Maybe other scientists know tools for supervised learning, like PSO.
But if you could use alternatively a tool for unsupervised learning, we are currently working on a Toolbox in R for swarm based clustering and visualization of high dimensional data, see
Article Self Organized Swarms for cluster preserving Projections of ...
You may be searching for the Rough sets theory (RST). really the classical RST don't depend on search techniques but recently many researches were done to use the search techniques for finding the best minimal subset before classifying the data using the rough set.

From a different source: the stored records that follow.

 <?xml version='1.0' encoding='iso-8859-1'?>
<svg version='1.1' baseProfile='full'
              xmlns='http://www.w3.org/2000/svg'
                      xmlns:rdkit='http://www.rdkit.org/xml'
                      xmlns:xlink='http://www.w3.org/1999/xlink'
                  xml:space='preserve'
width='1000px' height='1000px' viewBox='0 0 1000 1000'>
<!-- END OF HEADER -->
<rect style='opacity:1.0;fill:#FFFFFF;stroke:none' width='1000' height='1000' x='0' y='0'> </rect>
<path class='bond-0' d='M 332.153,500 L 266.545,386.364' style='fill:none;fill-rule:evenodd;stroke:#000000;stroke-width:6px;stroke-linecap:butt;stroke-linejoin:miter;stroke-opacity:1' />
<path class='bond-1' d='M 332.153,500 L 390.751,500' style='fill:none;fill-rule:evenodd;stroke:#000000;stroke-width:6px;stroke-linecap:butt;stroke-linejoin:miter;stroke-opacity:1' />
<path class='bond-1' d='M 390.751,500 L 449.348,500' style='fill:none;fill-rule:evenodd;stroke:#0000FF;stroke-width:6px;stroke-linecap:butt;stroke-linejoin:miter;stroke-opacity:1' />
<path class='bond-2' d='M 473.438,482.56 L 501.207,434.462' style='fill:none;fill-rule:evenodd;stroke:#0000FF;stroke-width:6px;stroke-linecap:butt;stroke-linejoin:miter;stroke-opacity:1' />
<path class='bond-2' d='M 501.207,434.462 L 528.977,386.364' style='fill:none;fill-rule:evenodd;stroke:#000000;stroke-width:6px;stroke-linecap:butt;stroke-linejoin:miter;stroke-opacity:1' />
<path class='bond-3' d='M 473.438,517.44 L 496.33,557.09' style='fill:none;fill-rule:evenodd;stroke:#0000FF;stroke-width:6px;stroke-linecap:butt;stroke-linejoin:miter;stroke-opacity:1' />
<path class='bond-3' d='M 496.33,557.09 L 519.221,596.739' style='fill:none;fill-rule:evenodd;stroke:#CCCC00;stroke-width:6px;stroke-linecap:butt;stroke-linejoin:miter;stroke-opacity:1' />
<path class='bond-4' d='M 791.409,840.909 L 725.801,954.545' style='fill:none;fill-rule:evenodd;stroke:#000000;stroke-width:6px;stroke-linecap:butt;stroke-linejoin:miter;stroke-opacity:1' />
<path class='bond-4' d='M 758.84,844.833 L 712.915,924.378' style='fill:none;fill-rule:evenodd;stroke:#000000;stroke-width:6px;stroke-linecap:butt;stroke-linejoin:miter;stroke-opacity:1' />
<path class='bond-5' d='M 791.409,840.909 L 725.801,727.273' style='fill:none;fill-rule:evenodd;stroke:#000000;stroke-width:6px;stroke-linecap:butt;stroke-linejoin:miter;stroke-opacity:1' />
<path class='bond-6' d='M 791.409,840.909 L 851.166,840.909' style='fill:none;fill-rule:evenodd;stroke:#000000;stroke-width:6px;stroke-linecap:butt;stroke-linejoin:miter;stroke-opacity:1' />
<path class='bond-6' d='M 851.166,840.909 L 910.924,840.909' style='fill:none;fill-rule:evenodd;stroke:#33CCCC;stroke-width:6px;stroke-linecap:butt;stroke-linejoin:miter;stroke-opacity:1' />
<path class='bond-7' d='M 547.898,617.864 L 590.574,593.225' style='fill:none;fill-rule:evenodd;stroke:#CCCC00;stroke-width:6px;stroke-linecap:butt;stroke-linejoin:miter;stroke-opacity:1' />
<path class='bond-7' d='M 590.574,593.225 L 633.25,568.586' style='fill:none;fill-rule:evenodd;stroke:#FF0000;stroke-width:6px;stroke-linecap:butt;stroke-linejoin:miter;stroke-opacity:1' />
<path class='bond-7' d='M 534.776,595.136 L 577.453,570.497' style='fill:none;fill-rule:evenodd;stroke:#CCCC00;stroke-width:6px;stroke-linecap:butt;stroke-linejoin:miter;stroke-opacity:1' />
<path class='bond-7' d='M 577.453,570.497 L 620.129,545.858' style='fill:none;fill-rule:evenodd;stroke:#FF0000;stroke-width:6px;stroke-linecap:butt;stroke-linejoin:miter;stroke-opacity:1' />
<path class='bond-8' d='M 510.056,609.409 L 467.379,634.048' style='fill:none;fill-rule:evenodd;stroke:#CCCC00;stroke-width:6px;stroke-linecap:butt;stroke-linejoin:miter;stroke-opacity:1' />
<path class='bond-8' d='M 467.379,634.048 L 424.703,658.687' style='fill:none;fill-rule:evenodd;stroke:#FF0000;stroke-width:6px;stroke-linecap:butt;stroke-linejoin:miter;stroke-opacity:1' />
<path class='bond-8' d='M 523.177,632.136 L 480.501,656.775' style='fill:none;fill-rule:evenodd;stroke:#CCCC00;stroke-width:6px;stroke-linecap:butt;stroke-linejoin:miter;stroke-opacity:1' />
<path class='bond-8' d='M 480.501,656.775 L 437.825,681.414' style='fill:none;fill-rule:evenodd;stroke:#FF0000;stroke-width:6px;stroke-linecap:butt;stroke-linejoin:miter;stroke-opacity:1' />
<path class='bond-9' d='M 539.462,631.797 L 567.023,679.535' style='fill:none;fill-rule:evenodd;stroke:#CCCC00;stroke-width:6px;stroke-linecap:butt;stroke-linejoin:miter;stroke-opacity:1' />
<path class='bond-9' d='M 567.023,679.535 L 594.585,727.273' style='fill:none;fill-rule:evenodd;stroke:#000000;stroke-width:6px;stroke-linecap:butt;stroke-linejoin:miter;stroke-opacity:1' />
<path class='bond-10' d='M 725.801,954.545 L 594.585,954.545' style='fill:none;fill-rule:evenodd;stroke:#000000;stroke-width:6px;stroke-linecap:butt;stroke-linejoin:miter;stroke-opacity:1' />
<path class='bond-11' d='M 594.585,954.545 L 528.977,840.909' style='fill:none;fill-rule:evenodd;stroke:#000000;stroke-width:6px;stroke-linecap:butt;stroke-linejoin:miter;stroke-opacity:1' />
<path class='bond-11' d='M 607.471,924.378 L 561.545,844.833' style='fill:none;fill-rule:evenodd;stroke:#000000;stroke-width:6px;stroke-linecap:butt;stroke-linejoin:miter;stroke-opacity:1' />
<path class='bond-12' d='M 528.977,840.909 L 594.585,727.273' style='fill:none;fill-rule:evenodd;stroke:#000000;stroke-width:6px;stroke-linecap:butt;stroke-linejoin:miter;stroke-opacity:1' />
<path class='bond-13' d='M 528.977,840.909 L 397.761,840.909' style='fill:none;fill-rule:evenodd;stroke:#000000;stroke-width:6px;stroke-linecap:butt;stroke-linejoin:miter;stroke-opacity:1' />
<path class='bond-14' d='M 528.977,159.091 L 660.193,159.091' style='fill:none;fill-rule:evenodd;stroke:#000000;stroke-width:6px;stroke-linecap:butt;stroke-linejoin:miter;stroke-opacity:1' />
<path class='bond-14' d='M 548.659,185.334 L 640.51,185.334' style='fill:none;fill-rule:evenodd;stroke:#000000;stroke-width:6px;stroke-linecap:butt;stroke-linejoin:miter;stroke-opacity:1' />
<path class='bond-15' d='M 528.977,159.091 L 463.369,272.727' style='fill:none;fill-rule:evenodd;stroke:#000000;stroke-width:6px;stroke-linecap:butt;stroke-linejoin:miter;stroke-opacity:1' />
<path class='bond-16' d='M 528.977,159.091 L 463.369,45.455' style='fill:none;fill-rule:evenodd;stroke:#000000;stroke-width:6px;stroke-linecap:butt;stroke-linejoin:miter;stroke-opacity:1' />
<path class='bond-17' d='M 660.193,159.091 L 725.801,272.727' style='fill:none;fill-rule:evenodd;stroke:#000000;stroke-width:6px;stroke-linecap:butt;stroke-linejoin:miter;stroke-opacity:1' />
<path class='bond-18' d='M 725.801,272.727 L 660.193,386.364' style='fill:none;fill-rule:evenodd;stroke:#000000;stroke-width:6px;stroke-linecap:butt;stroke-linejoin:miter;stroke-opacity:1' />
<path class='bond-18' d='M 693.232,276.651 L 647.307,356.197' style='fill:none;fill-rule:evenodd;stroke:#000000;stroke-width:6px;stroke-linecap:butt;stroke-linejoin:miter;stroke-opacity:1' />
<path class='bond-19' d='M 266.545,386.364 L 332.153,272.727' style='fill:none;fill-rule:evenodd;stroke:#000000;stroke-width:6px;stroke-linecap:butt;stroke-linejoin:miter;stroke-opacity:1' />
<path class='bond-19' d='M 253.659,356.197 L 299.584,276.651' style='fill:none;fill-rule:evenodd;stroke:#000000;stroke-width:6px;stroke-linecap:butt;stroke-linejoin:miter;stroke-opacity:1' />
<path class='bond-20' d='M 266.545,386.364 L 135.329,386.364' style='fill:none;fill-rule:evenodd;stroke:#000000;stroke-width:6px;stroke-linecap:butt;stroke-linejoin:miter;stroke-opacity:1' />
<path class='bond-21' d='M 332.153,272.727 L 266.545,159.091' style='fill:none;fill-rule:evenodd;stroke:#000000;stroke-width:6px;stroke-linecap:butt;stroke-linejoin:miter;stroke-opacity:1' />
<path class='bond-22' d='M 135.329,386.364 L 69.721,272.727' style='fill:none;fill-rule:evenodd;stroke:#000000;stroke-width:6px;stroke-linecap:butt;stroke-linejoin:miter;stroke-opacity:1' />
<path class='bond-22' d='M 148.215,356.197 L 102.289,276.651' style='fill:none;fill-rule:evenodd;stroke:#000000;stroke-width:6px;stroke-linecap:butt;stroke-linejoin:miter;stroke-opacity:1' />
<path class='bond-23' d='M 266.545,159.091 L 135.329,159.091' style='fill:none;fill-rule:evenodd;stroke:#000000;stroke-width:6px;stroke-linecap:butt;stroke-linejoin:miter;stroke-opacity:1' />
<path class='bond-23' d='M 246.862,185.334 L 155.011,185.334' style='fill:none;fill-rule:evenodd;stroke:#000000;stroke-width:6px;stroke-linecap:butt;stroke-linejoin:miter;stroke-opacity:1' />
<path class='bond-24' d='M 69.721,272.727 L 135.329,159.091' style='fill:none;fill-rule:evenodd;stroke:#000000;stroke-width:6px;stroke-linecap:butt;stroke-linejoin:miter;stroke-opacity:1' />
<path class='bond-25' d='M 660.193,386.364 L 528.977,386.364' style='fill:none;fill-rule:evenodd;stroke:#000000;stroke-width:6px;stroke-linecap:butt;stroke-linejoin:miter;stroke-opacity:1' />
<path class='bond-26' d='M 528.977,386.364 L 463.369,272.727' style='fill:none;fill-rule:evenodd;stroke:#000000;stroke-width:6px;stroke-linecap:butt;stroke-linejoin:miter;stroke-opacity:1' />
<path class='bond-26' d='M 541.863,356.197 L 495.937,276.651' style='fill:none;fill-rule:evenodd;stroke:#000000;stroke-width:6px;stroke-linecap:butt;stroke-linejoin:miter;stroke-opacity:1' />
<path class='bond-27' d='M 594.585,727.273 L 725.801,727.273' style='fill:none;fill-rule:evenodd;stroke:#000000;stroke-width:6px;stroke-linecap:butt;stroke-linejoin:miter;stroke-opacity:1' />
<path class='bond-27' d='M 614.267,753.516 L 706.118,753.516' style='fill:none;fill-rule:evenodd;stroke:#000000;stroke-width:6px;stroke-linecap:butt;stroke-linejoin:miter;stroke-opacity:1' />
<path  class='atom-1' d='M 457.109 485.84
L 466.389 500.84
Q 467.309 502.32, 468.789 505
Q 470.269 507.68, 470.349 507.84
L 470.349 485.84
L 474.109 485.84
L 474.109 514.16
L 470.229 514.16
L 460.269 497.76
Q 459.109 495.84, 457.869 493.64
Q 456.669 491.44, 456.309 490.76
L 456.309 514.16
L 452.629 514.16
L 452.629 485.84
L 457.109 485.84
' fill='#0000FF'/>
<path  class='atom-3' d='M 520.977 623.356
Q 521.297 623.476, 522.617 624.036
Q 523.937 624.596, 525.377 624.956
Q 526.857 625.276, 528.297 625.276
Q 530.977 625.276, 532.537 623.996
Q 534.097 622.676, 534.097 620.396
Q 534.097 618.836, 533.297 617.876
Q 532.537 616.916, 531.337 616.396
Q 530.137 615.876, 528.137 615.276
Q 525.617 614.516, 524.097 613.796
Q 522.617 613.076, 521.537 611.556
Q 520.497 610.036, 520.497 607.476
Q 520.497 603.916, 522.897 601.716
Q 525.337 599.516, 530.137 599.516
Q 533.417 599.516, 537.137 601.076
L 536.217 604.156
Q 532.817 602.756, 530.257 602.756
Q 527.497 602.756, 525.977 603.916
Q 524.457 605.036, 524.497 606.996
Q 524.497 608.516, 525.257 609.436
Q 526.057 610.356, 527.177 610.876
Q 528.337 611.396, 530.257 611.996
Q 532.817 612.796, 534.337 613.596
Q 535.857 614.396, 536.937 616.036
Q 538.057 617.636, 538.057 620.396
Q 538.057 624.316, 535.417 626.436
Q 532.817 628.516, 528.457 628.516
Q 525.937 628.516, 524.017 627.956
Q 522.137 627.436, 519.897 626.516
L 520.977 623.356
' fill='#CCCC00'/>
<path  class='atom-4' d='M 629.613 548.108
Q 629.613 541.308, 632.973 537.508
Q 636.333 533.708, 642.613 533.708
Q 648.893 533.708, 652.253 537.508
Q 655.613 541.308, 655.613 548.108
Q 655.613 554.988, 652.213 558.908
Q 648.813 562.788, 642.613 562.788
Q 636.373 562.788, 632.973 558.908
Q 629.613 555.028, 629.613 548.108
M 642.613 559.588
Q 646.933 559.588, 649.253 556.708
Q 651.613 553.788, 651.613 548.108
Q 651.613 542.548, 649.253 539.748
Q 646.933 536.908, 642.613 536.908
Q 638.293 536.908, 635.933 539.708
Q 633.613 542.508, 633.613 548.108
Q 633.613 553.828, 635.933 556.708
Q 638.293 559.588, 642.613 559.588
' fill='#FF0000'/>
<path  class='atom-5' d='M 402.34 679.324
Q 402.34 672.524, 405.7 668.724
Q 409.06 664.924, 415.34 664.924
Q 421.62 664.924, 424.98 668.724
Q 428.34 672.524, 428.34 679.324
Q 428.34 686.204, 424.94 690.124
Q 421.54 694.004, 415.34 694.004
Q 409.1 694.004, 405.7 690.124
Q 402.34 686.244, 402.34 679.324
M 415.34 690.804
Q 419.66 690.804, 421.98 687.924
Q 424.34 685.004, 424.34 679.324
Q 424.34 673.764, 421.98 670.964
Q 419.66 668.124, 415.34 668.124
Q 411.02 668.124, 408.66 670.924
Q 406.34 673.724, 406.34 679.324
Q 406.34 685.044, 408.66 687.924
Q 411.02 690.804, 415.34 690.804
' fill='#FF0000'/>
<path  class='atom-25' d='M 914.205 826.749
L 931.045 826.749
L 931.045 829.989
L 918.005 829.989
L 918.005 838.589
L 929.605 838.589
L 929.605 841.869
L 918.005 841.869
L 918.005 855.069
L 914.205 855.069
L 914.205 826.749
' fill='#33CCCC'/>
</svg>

You may want to try WEKA. I'm not sure if there is any Swarm intelligent-based classifiers in it, I know it has GA and many other classifiers and also clustering algorithms.
All swarm intelligent algorithms (like ACO, PSO, Bees algorithms, fish algorithm, monkey algorithm, cat algorithm, conile algorithm, creative algorithm, and so on so far) can be used as a helpful tools for the classifier which I mean to help the classifier to get best classification accuracy, but if you want to use swarm intelligent algorithms as a classifier, there is only ant minor algorithm work as a classifier and it is based on ACO which is consider as a one of swarm intelligent algorithm.
I want to know what features is input into ACO algorithm? I mean that other papers explain that they use features which are meta tag, url, tagging term and bag of term. I want to use bag of words to use in classification. So I want to need deeply explanation ACO algorithm for text classification step by step or example if u have reference. I search google and other site, they give me TSP problem so I don't clearly understand. Help me please. Thank you all..
Y. del Valle, G. Venayagamoorthy, S. Mohagheghi, J.-C. Hernandez, R. Harley, Particle swarm optimization: Basic concepts, variants and applications in power systems, IEEE Transactions on Evolutionary Computation, 12 (2) (2008) 171-195.